How the Reformation Shaped Your World

Few Americans know or understand the history about the Reformation explained in this new video from Prager University:

Can one man change the world? The life and work of Martin Luther prove the answer to that question is an unqualified, “yes.” Stephen Cornils of the Wartburg Theological Seminary details the rebellion that fractured a centuries-old religion and changed the course of history.

 

From the transcript:

Five hundred years ago, on October 31, 1517, a German Catholic monk by the name of Martin Luther posted some complaints he had about the Catholic Church on a church door in Wittenberg, Germany.

Luther was upset by the Church practice of selling what were known as “indulgences” to wealthy patrons. Indulgences might be loosely described as “get out of hell free” cards: pay this amount to the Church and the Church would make sure you don’t suffer unduly for your sins in the hereafter.
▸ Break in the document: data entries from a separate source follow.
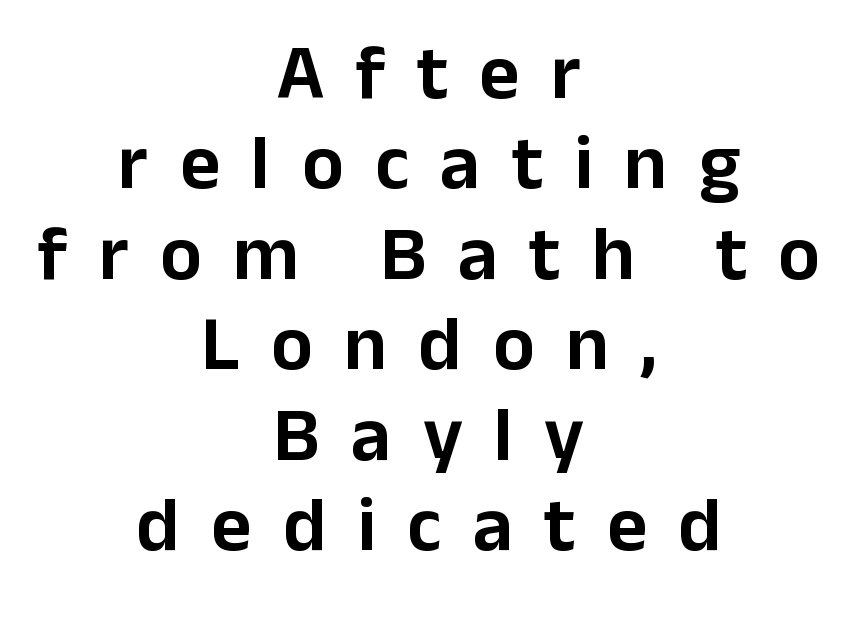
Q: Is the text italic (slanted)? A: No, it is upright.
Q: Is the typeface a serif or a sans-serif typeface? A: Sans-serif.
Q: Is the text underlined? A: No.
Q: How is the paragraph aligned? A: Centered.
Q: Is the spacing between letters normal or unusually wide? A: Unusually wide.
Q: Width (condensed, normal, or wide)? A: Normal.
Q: Stroke contrast? A: Low.
Q: x-height? A: Medium.
Q: Monospaced? A: No.
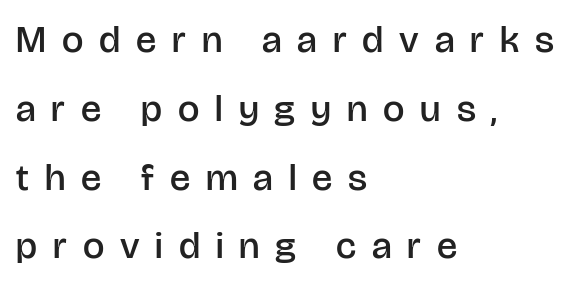
The image shows 38 px semibold sans-serif type, upright; set left-aligned, line spacing 1.81x, unusually wide letter spacing (+0.42 em), not underlined; low stroke contrast and a large x-height.
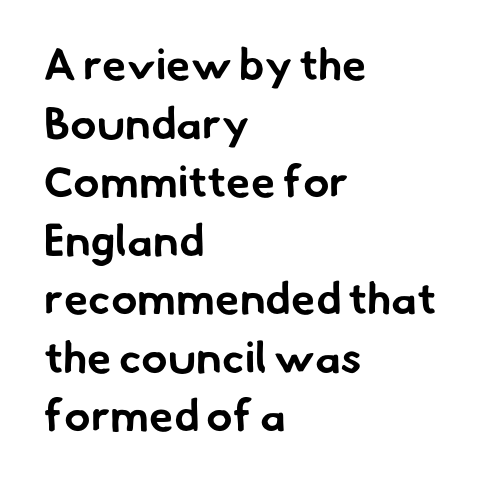
Leftover space on each line is placed entirely after the last word. Chunky letters — that's bold for sure. The area under the type is left untouched. This is sans-serif lettering, the kind often seen on screens and signage.
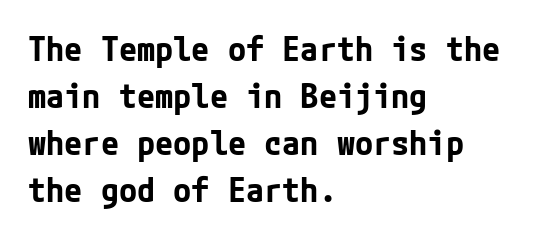
The image shows 33 px bold sans-serif type, upright; set left-aligned, normal line spacing (1.42x), normal letter spacing, not underlined; low stroke contrast and a medium x-height.
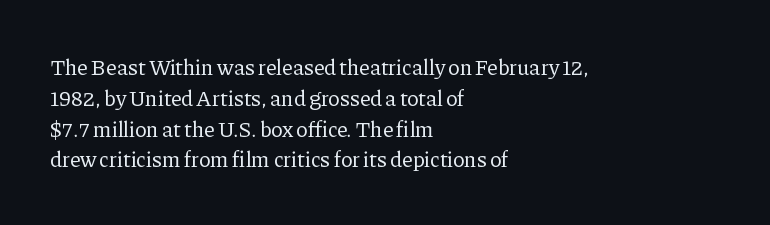
The image shows 22 px text type, upright; set left-aligned, normal line spacing (1.4x), normal letter spacing, not underlined.
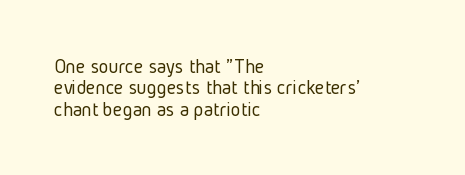
Q: Is the text bold? A: No.
Q: Is the text italic (slanted)? A: No, it is upright.
Q: Is the text underlined? A: No.
Q: How is the paragraph aligned? A: Left-aligned.
Q: Is the spacing between letters normal or unusually wide? A: Normal.
Q: Is the spacing between lines tight, normal or loose? A: Tight.
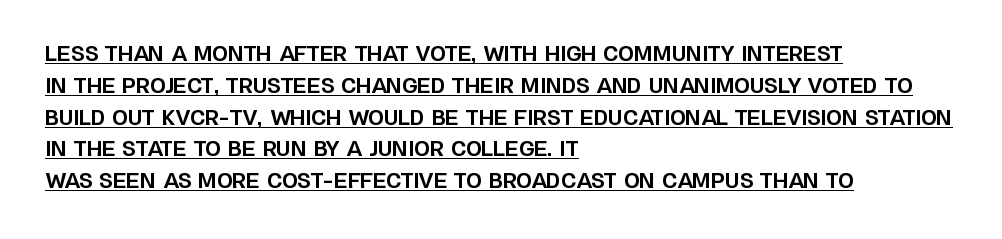
The image shows 20 px bold type, upright; set left-aligned, normal line spacing (1.59x), normal letter spacing, underlined.

Luther felt very strongly that the practice not only made the Church look bad in the eyes of the common people, but had no scriptural basis. He believed the Church needed to reform itself or would lose its legitimacy.
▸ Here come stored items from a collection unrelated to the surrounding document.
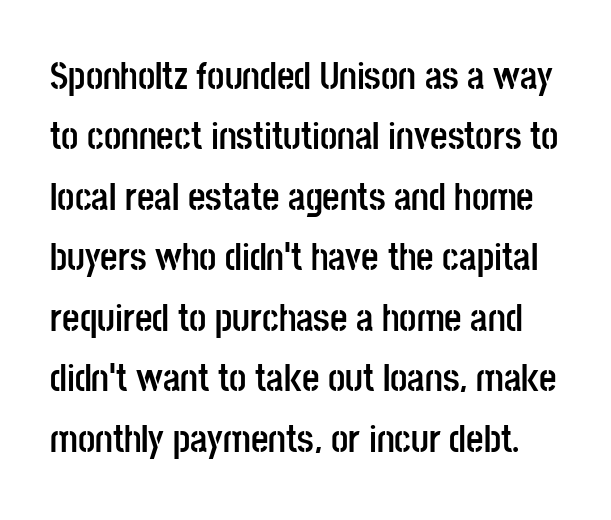
{"serif": "no", "italic": "no", "bold": "yes", "weight": "semibold", "width": "condensed", "stroke_contrast": "low", "x_height": "large", "monospaced": "no", "underline": "no", "line_spacing": "normal", "line_spacing_ratio": 1.59, "letter_spacing": "normal", "letter_spacing_em": 0.0, "glyph_px": 38}
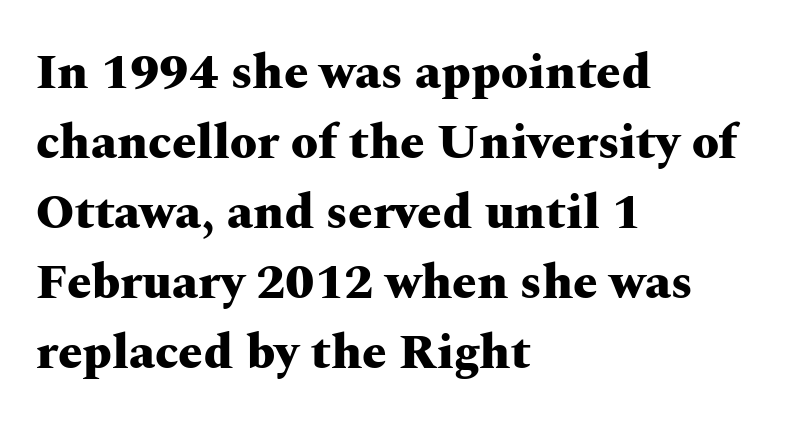
{"serif": "yes", "italic": "no", "bold": "yes", "weight": "heavy", "width": "wide", "stroke_contrast": "medium", "x_height": "medium", "monospaced": "no", "underline": "no", "align": "left", "line_spacing": "normal", "line_spacing_ratio": 1.43, "letter_spacing": "normal", "letter_spacing_em": 0.0, "glyph_px": 49}
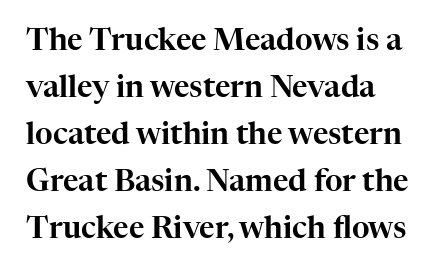
Baseline-to-baseline distance is the conventional proportion of letter height. Honestly, there is no underline to notice here at all. This is the regular roman posture of the typeface. Note the varied advance widths — an 'i' is clearly narrower than an 'm'.

Nobody, including Luther, thought that his complaints—and he had made a list of 95 of them—would amount to much. He simply wanted to spark a discussion on an issue that deeply concerned him. Instead, he set off a chain reaction that literally changed the course of history.
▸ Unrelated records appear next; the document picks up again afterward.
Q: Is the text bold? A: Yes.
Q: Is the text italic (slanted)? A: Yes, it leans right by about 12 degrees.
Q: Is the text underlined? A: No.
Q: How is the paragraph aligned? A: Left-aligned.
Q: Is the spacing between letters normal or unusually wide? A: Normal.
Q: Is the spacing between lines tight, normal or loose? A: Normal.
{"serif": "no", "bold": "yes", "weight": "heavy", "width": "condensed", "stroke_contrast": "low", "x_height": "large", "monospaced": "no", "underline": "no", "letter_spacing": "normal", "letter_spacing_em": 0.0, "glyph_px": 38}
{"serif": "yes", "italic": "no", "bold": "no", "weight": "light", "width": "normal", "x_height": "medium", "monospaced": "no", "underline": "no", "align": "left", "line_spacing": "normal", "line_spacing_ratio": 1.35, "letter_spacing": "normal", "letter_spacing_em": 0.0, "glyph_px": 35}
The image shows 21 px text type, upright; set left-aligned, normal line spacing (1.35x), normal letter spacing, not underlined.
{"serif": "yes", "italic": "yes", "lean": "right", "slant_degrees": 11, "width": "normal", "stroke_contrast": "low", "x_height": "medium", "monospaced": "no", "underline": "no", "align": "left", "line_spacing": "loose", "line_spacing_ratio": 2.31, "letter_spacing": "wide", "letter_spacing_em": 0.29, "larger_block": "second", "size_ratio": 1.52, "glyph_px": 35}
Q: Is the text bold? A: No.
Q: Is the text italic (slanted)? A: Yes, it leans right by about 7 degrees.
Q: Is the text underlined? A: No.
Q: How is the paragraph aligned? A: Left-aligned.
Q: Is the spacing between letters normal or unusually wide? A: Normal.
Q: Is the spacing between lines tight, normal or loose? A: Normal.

The name we give to this change is the Protestant Reformation.

Had Luther limited his criticism of the Church to indulgences as his friend, the Dutch scholar Erasmus, urged him to do, the matter might have been resolved and the old order preserved. But the headstrong Luther was not someone to be restrained.

Luther was what we could call today a flawed individual. He was brilliant and charismatic, but he was also vindictive and stubborn to a fault, and at the end of his life, sadly anti-Semitic.

Luther believed there should be no separation between the Bible and the believer. Every individual should have access to the word of God, Luther contended, as any priest did—or even the Pope. We take this view for granted now, but in the 16th century it was a radical concept.

And here’s why:

For more than a thousand years, the Church had been the dominant religious and political authority in Europe. It alone taught Christians how to understand the Bible. Luther was now challenging the very basis of this authority.